■ PROBLEM DESCRIPTION ■
Each line from the one containing "share of the ground: > 75 %" through the end of the entries below must be output exactly; no other line belongs.

■ AVAILABLE DATA ■
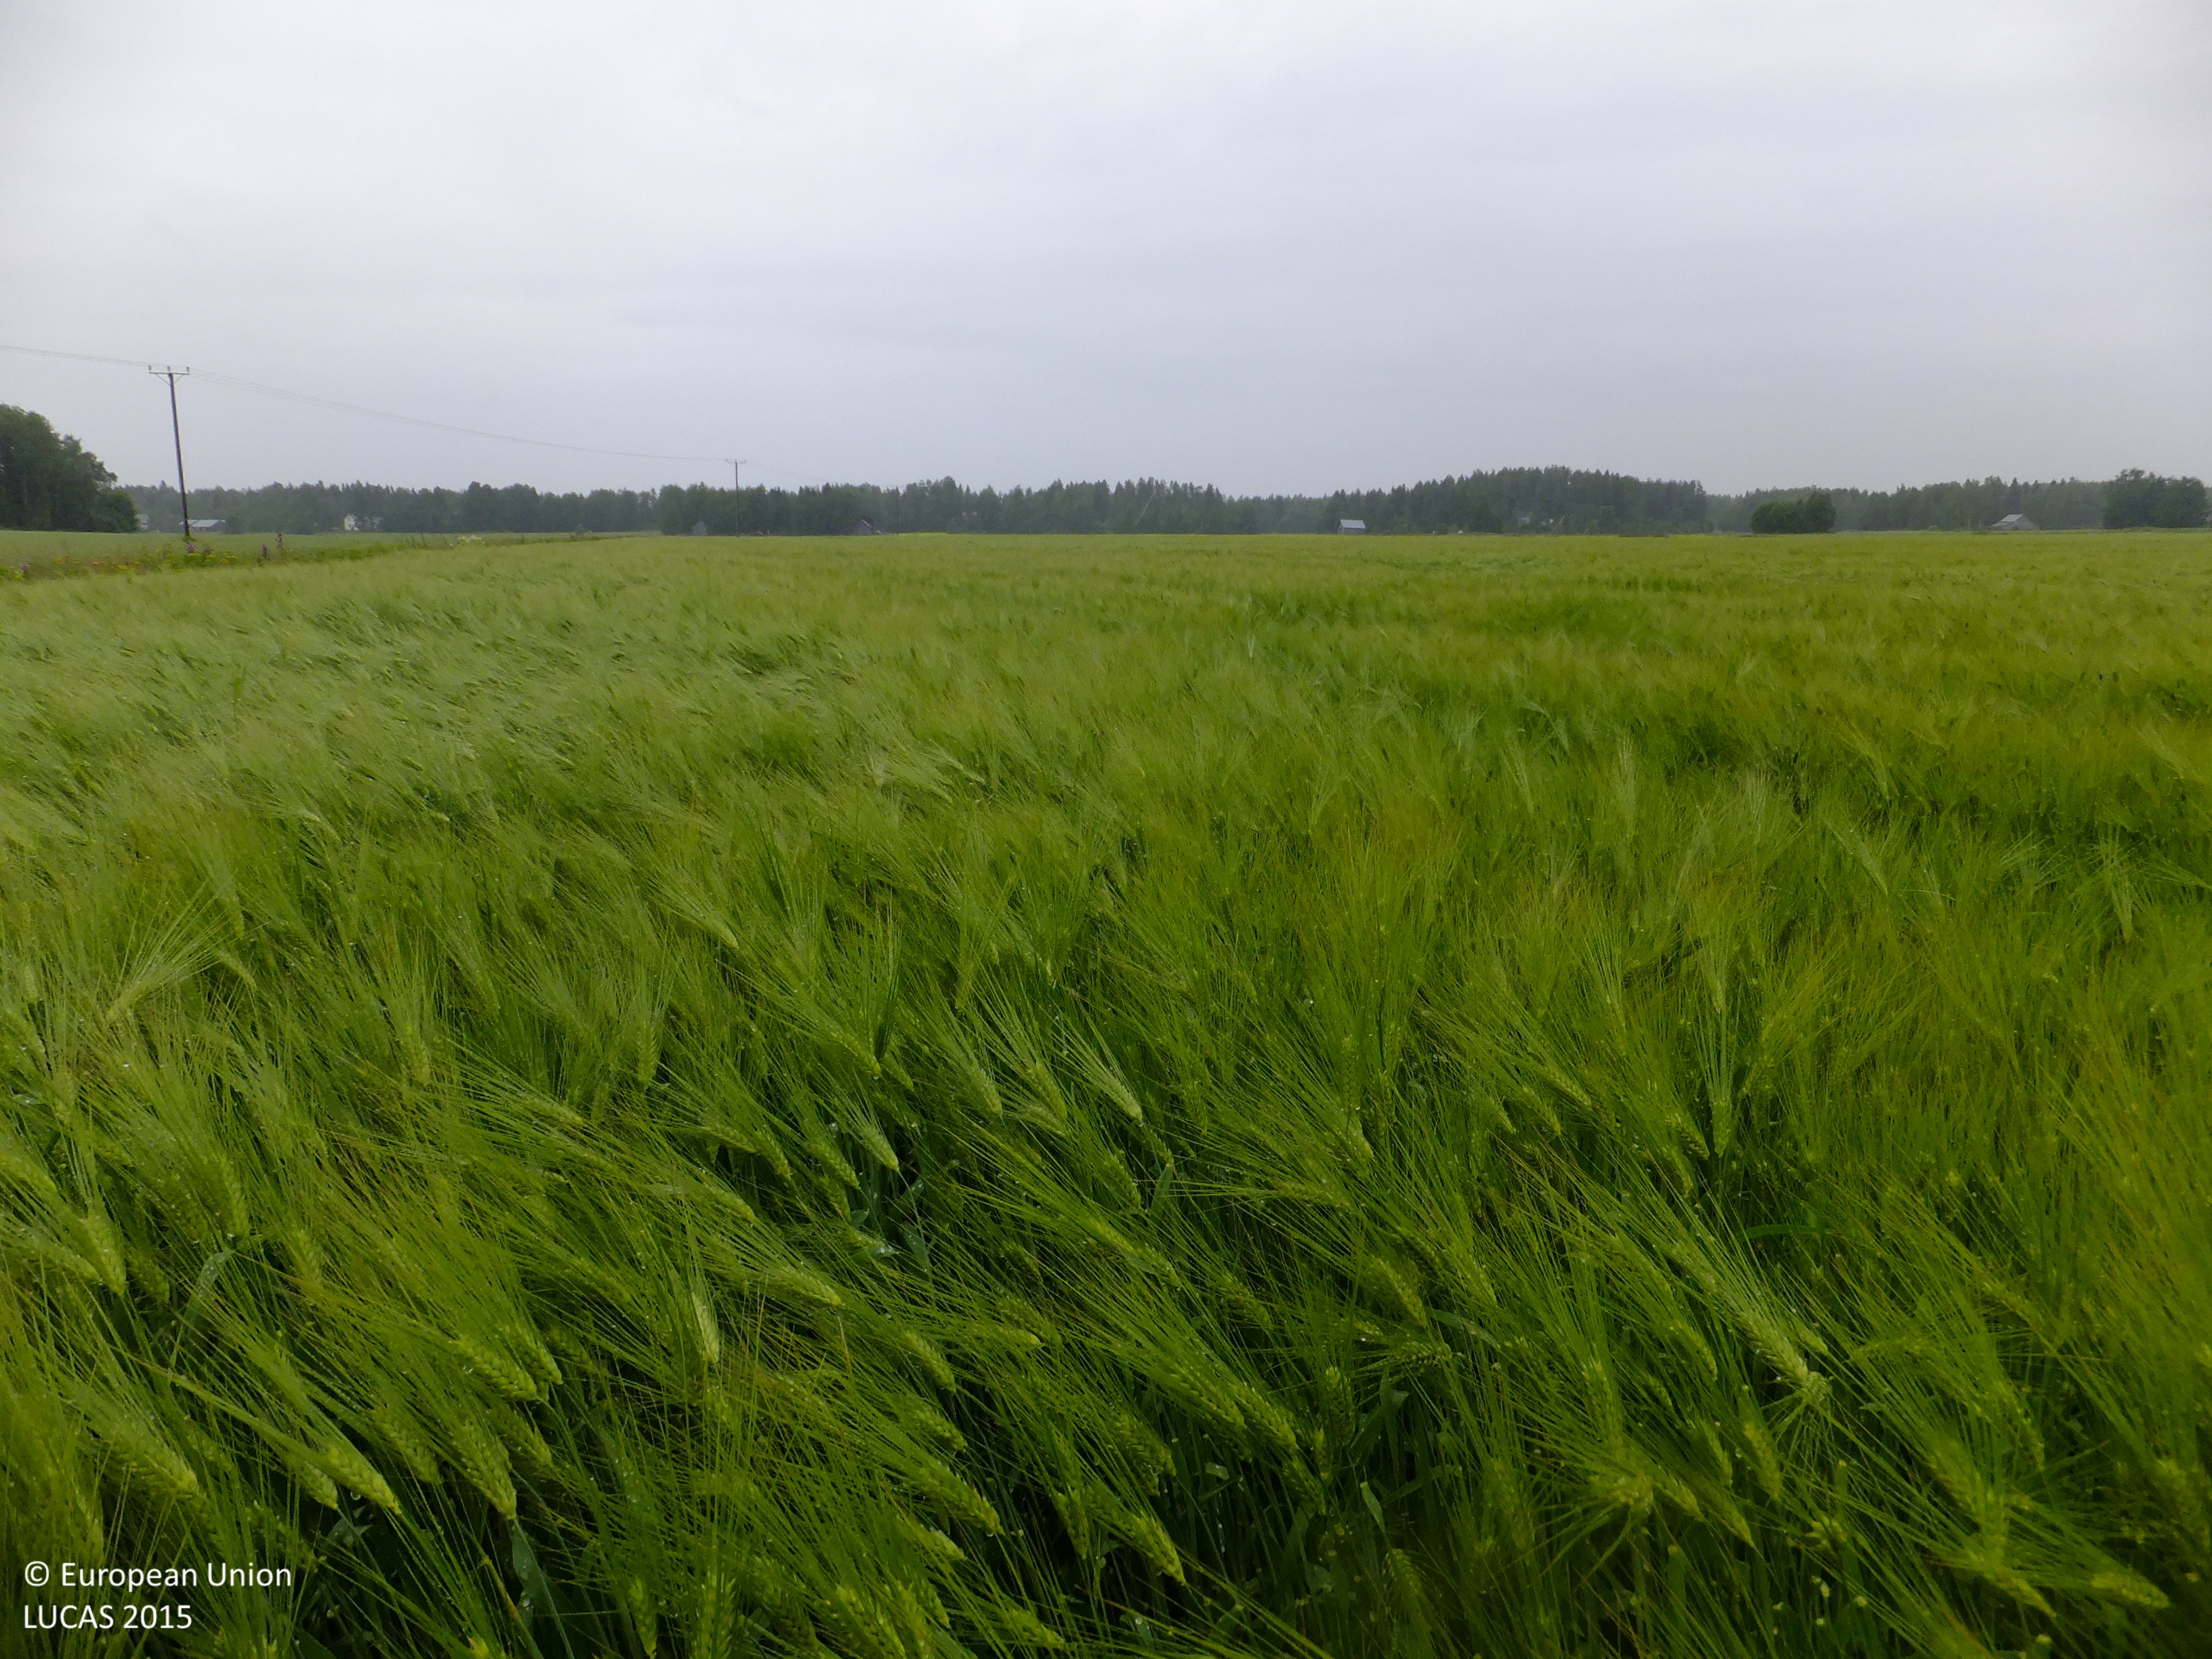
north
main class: Cropland
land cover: Barley
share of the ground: > 75 %
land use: Agriculture (excluding fallow land and kitchen gardens)
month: July
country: FI
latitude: 63.1833
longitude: 21.8637

■ RESULT OF THE TASK ■
share of the ground: > 75 %
land use: Agriculture (excluding fallow land and kitchen gardens)
month: July
country: FI
latitude: 63.1833
longitude: 21.8637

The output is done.